Try it
Print only the lines below, from the very first to the one containing "#621 = EDGE_CURVE", exactly as they stand. Do not print pictures.

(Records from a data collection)
= Beginning of Section =

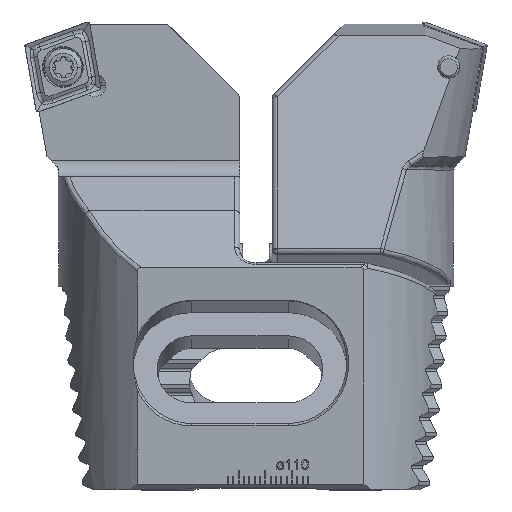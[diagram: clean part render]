
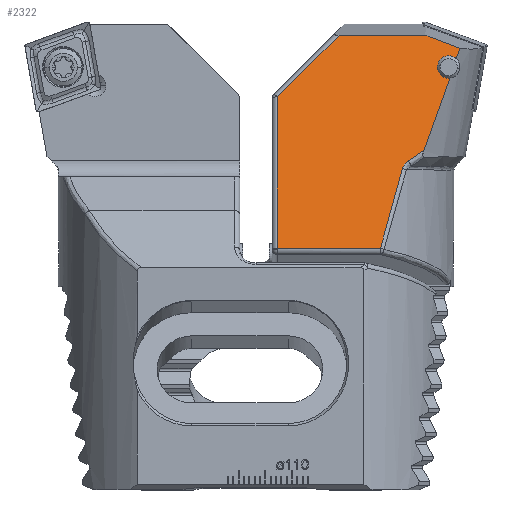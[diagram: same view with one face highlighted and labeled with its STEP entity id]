
A CAD part, top view. The second image highlights one B-rep face of the part: STEP entity #2322.
In plain terms, the highlighted face is planar.
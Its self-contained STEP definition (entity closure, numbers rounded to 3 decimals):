
#102 = CARTESIAN_POINT ( 'NONE',  ( 19.949, -42.339, -27.941 ) ) ;
#455 = EDGE_CURVE ( 'NONE', #2974, #10787, #8198, .T. ) ;
#621 = EDGE_CURVE ( 'NONE', #11490, #10481, #8903, .T. ) ;
#814 = CARTESIAN_POINT ( 'NONE',  ( 5.778, -6.926, -18.452 ) ) ;
#823 = EDGE_LOOP ( 'NONE', ( #10124, #9952, #8949, #8641, #8130, #7436, #6798, #6760, #5957, #5624, #5114, #4942 ) ) ;
#912 = CARTESIAN_POINT ( 'NONE',  ( 7.346, -5.468, -18.062 ) ) ;
#945 = CARTESIAN_POINT ( 'NONE',  ( 9.309, -9.801, -19.223 ) ) ;
#1004 = CARTESIAN_POINT ( 'NONE',  ( 9.309, -6.323, -18.291 ) ) ;
#1007 = AXIS2_PLACEMENT_3D ( 'NONE', #6656, #11972, #9877 ) ;
#1330 = CARTESIAN_POINT ( 'NONE',  ( 5.778, -6.926, -18.452 ) ) ;
#1596 = CARTESIAN_POINT ( 'NONE',  ( 54.972, -29.768, -24.573 ) ) ;
#1828 = FACE_OUTER_BOUND ( 'NONE', #823, .T. ) ;
#1901 = CARTESIAN_POINT ( 'NONE',  ( 39.25, -14.046, -20.36 ) ) ;
#1937 = VECTOR ( 'NONE', #6481, 1000. ) ;
#1985 = CARTESIAN_POINT ( 'NONE',  ( 5.562, -6.267, -18.276 ) ) ;
#2029 = CARTESIAN_POINT ( 'NONE',  ( 11.645, -2.483, -17.262 ) ) ;
#2322 = ADVANCED_FACE ( 'NONE', ( #1828 ), #10911, .F. ) ;
#2604 = CARTESIAN_POINT ( 'NONE',  ( 85.15, -2.483, -17.262 ) ) ;
#2819 = CARTESIAN_POINT ( 'NONE',  ( 9.309, -8.464, -18.864 ) ) ;
#2974 = VERTEX_POINT ( 'NONE', #11429 ) ;
#3273 = VERTEX_POINT ( 'NONE', #4629 ) ;
#3450 = CARTESIAN_POINT ( 'NONE',  ( 39.25, -42.339, -27.941 ) ) ;
#4033 = DIRECTION ( 'NONE',  ( 0.932, 0.351, 0.094 ) ) ;
#4067 = EDGE_CURVE ( 'NONE', #3273, #13011, #11394, .T. ) ;
#4099 =( BOUNDED_CURVE ( )  B_SPLINE_CURVE ( 3, ( #12242, #4786, #5860, #13225 ),
 .UNSPECIFIED., .F., .F. ) 
 B_SPLINE_CURVE_WITH_KNOTS ( ( 4, 4 ),
 ( 3.832, 3.996 ),
 .UNSPECIFIED. ) 
 CURVE ( )  GEOMETRIC_REPRESENTATION_ITEM ( )  RATIONAL_B_SPLINE_CURVE ( ( 1., 0.998, 0.998, 1. ) ) 
 REPRESENTATION_ITEM ( '' )  );
#4143 = CARTESIAN_POINT ( 'NONE',  ( 15.857, -27.455, -23.953 ) ) ;
#4167 = LINE ( 'NONE', #12803, #1937 ) ;
#4471 = CARTESIAN_POINT ( 'NONE',  ( 15.857, -27.455, -23.953 ) ) ;
#4566 = CARTESIAN_POINT ( 'NONE',  ( 15.822, -27.307, -23.913 ) ) ;
#4629 = CARTESIAN_POINT ( 'NONE',  ( 5.133, -4.939, -17.92 ) ) ;
#4646 = CARTESIAN_POINT ( 'NONE',  ( 15.767, -27.164, -23.875 ) ) ;
#4695 = CARTESIAN_POINT ( 'NONE',  ( 15.629, -26.897, -23.803 ) ) ;
#4752 = CARTESIAN_POINT ( 'NONE',  ( 15.544, -26.77, -23.769 ) ) ;
#4786 = CARTESIAN_POINT ( 'NONE',  ( 18.478, -37.8, -26.725 ) ) ;
#4798 = CARTESIAN_POINT ( 'NONE',  ( 15.256, -26.412, -23.673 ) ) ;
#4867 = EDGE_CURVE ( 'NONE', #2974, #5960, #5075, .T. ) ;
#4942 = ORIENTED_EDGE ( 'NONE', *, *, #621, .T. ) ;
#4988 = CARTESIAN_POINT ( 'NONE',  ( 75.731, 21.689, -10.785 ) ) ;
#5038 = EDGE_CURVE ( 'NONE', #10787, #11660, #10799, .T. ) ;
#5075 = B_SPLINE_CURVE_WITH_KNOTS ( 'NONE', 3,
 ( #5132, #6302, #4798, #4752, #4695, #4646, #4566, #4471 ),
 .UNSPECIFIED., .F., .F.,
 ( 4, 2, 2, 4 ),
 ( 0., 0.001, 0.001, 0.002 ),
 .UNSPECIFIED. ) ;
#5114 = ORIENTED_EDGE ( 'NONE', *, *, #10135, .T. ) ;
#5132 = CARTESIAN_POINT ( 'NONE',  ( 14.769, -26.041, -23.574 ) ) ;
#5282 = CARTESIAN_POINT ( 'NONE',  ( 5.778, -6.926, -18.452 ) ) ;
#5480 = DIRECTION ( 'NONE',  ( 0., -0.966, -0.259 ) ) ;
#5624 = ORIENTED_EDGE ( 'NONE', *, *, #5038, .T. ) ;
#5706 = VECTOR ( 'NONE', #4033, 1000. ) ;
#5785 = EDGE_CURVE ( 'NONE', #10138, #7776, #13758, .T. ) ;
#5860 = CARTESIAN_POINT ( 'NONE',  ( 17.111, -32.828, -25.393 ) ) ;
#5957 = ORIENTED_EDGE ( 'NONE', *, *, #455, .T. ) ;
#5960 = VERTEX_POINT ( 'NONE', #4143 ) ;
#5990 = DIRECTION ( 'NONE',  ( -1., 0., 0. ) ) ;
#6098 = VERTEX_POINT ( 'NONE', #102 ) ;
#6219 = CARTESIAN_POINT ( 'NONE',  ( 11.847, -24.054, -23.042 ) ) ;
#6257 =( BOUNDED_CURVE ( )  B_SPLINE_CURVE ( 3, ( #5282, #1985, #13705, #7433 ),
 .UNSPECIFIED., .F., .F. ) 
 B_SPLINE_CURVE_WITH_KNOTS ( ( 4, 4 ),
 ( 4.252, 4.268 ),
 .UNSPECIFIED. ) 
 CURVE ( )  GEOMETRIC_REPRESENTATION_ITEM ( )  RATIONAL_B_SPLINE_CURVE ( ( 1., 1., 1., 1. ) ) 
 REPRESENTATION_ITEM ( '' )  );
#6302 = CARTESIAN_POINT ( 'NONE',  ( 15.027, -26.212, -23.62 ) ) ;
#6321 = CARTESIAN_POINT ( 'NONE',  ( 12.812, -24.729, -23.223 ) ) ;
#6394 = CARTESIAN_POINT ( 'NONE',  ( 6.985, -10.552, -19.424 ) ) ;
#6481 = DIRECTION ( 'NONE',  ( -1., 0., 0. ) ) ;
#6656 = CARTESIAN_POINT ( 'NONE',  ( 85.15, -1.612, -17.028 ) ) ;
#6743 = VERTEX_POINT ( 'NONE', #3450 ) ;
#6760 = ORIENTED_EDGE ( 'NONE', *, *, #4867, .F. ) ;
#6798 = ORIENTED_EDGE ( 'NONE', *, *, #10630, .T. ) ;
#6914 = CARTESIAN_POINT ( 'NONE',  ( 14.769, -26.041, -23.574 ) ) ;
#7433 = CARTESIAN_POINT ( 'NONE',  ( 5.133, -4.939, -17.92 ) ) ;
#7436 = ORIENTED_EDGE ( 'NONE', *, *, #8908, .T. ) ;
#7715 = CARTESIAN_POINT ( 'NONE',  ( 13.785, -25.392, -23.4 ) ) ;
#7776 = VERTEX_POINT ( 'NONE', #1901 ) ;
#7868 = VECTOR ( 'NONE', #5990, 1000. ) ;
#8130 = ORIENTED_EDGE ( 'NONE', *, *, #13097, .T. ) ;
#8198 = B_SPLINE_CURVE_WITH_KNOTS ( 'NONE', 3,
 ( #6914, #7715, #6321, #6219 ),
 .UNSPECIFIED., .F., .F.,
 ( 4, 4 ),
 ( 0., 0.004 ),
 .UNSPECIFIED. ) ;
#8372 = EDGE_CURVE ( 'NONE', #10481, #3273, #6257, .T. ) ;
#8544 = CARTESIAN_POINT ( 'NONE',  ( 9.309, -8.464, -18.864 ) ) ;
#8641 = ORIENTED_EDGE ( 'NONE', *, *, #5785, .T. ) ;
#8903 =( BOUNDED_CURVE ( )  B_SPLINE_CURVE ( 3, ( #2819, #1004, #912, #814 ),
 .UNSPECIFIED., .F., .F. ) 
 B_SPLINE_CURVE_WITH_KNOTS ( ( 4, 4 ),
 ( 4.712, 7.032 ),
 .UNSPECIFIED. ) 
 CURVE ( )  GEOMETRIC_REPRESENTATION_ITEM ( )  RATIONAL_B_SPLINE_CURVE ( ( 1., 0.6, 0.6, 1. ) ) 
 REPRESENTATION_ITEM ( '' )  );
#8908 = EDGE_CURVE ( 'NONE', #6743, #6098, #4167, .T. ) ;
#8949 = ORIENTED_EDGE ( 'NONE', *, *, #13526, .F. ) ;
#9398 = VECTOR ( 'NONE', #5480, 1000. ) ;
#9419 = CARTESIAN_POINT ( 'NONE',  ( 6.985, -10.552, -19.424 ) ) ;
#9735 = LINE ( 'NONE', #12891, #9398 ) ;
#9877 = DIRECTION ( 'NONE',  ( 0., -0.966, -0.259 ) ) ;
#9952 = ORIENTED_EDGE ( 'NONE', *, *, #4067, .T. ) ;
#10124 = ORIENTED_EDGE ( 'NONE', *, *, #8372, .T. ) ;
#10135 = EDGE_CURVE ( 'NONE', #11660, #11490, #11309, .T. ) ;
#10138 = VERTEX_POINT ( 'NONE', #10658 ) ;
#10207 = CARTESIAN_POINT ( 'NONE',  ( 9.309, -8.464, -18.864 ) ) ;
#10481 = VERTEX_POINT ( 'NONE', #1330 ) ;
#10630 = EDGE_CURVE ( 'NONE', #6098, #5960, #4099, .T. ) ;
#10658 = CARTESIAN_POINT ( 'NONE',  ( 27.686, -2.483, -17.262 ) ) ;
#10787 = VERTEX_POINT ( 'NONE', #12451 ) ;
#10799 =( BOUNDED_CURVE ( )  B_SPLINE_CURVE ( 3, ( #12412, #12068, #12018, #11967 ),
 .UNSPECIFIED., .F., .F. ) 
 B_SPLINE_CURVE_WITH_KNOTS ( ( 4, 4 ),
 ( 4.107, 4.222 ),
 .UNSPECIFIED. ) 
 CURVE ( )  GEOMETRIC_REPRESENTATION_ITEM ( )  RATIONAL_B_SPLINE_CURVE ( ( 1., 0.999, 0.999, 1. ) ) 
 REPRESENTATION_ITEM ( '' )  );
#10911 = PLANE ( 'NONE',  #1007 ) ;
#11050 = LINE ( 'NONE', #2604, #7868 ) ;
#11309 =( BOUNDED_CURVE ( )  B_SPLINE_CURVE ( 3, ( #6394, #12733, #945, #8544 ),
 .UNSPECIFIED., .F., .F. ) 
 B_SPLINE_CURVE_WITH_KNOTS ( ( 4, 4 ),
 ( 3.035, 4.712 ),
 .UNSPECIFIED. ) 
 CURVE ( )  GEOMETRIC_REPRESENTATION_ITEM ( )  RATIONAL_B_SPLINE_CURVE ( ( 1., 0.779, 0.779, 1. ) ) 
 REPRESENTATION_ITEM ( '' )  );
#11394 = LINE ( 'NONE', #4988, #5706 ) ;
#11429 = CARTESIAN_POINT ( 'NONE',  ( 14.769, -26.041, -23.574 ) ) ;
#11490 = VERTEX_POINT ( 'NONE', #10207 ) ;
#11660 = VERTEX_POINT ( 'NONE', #9419 ) ;
#11728 = VECTOR ( 'NONE', #12226, 1000. ) ;
#11967 = CARTESIAN_POINT ( 'NONE',  ( 6.985, -10.552, -19.424 ) ) ;
#11972 = DIRECTION ( 'NONE',  ( 0., -0.259, 0.966 ) ) ;
#12018 = CARTESIAN_POINT ( 'NONE',  ( 8.565, -15.225, -20.676 ) ) ;
#12068 = CARTESIAN_POINT ( 'NONE',  ( 10.187, -19.731, -21.883 ) ) ;
#12226 = DIRECTION ( 'NONE',  ( 0.695, -0.695, -0.186 ) ) ;
#12242 = CARTESIAN_POINT ( 'NONE',  ( 19.949, -42.339, -27.941 ) ) ;
#12412 = CARTESIAN_POINT ( 'NONE',  ( 11.847, -24.054, -23.042 ) ) ;
#12451 = CARTESIAN_POINT ( 'NONE',  ( 11.847, -24.054, -23.042 ) ) ;
#12733 = CARTESIAN_POINT ( 'NONE',  ( 8.314, -10.694, -19.462 ) ) ;
#12803 = CARTESIAN_POINT ( 'NONE',  ( 85.15, -42.339, -27.941 ) ) ;
#12891 = CARTESIAN_POINT ( 'NONE',  ( 39.25, -1.612, -17.028 ) ) ;
#13011 = VERTEX_POINT ( 'NONE', #2029 ) ;
#13097 = EDGE_CURVE ( 'NONE', #7776, #6743, #9735, .T. ) ;
#13225 = CARTESIAN_POINT ( 'NONE',  ( 15.857, -27.455, -23.953 ) ) ;
#13526 = EDGE_CURVE ( 'NONE', #10138, #13011, #11050, .T. ) ;
#13705 = CARTESIAN_POINT ( 'NONE',  ( 5.347, -5.604, -18.098 ) ) ;
#13758 = LINE ( 'NONE', #1596, #11728 ) ;

= End of Section =

Written solution
[diagram: clean part render]
[diagram: same view with one face highlighted and labeled with its STEP entity id]
A CAD part, top view. The second image highlights one B-rep face of the part: STEP entity #2322.
In plain terms, the highlighted face is planar.
Its self-contained STEP definition (entity closure, numbers rounded to 3 decimals):
#102 = CARTESIAN_POINT ( 'NONE',  ( 19.949, -42.339, -27.941 ) ) ;
#455 = EDGE_CURVE ( 'NONE', #2974, #10787, #8198, .T. ) ;
#621 = EDGE_CURVE ( 'NONE', #11490, #10481, #8903, .T. ) ;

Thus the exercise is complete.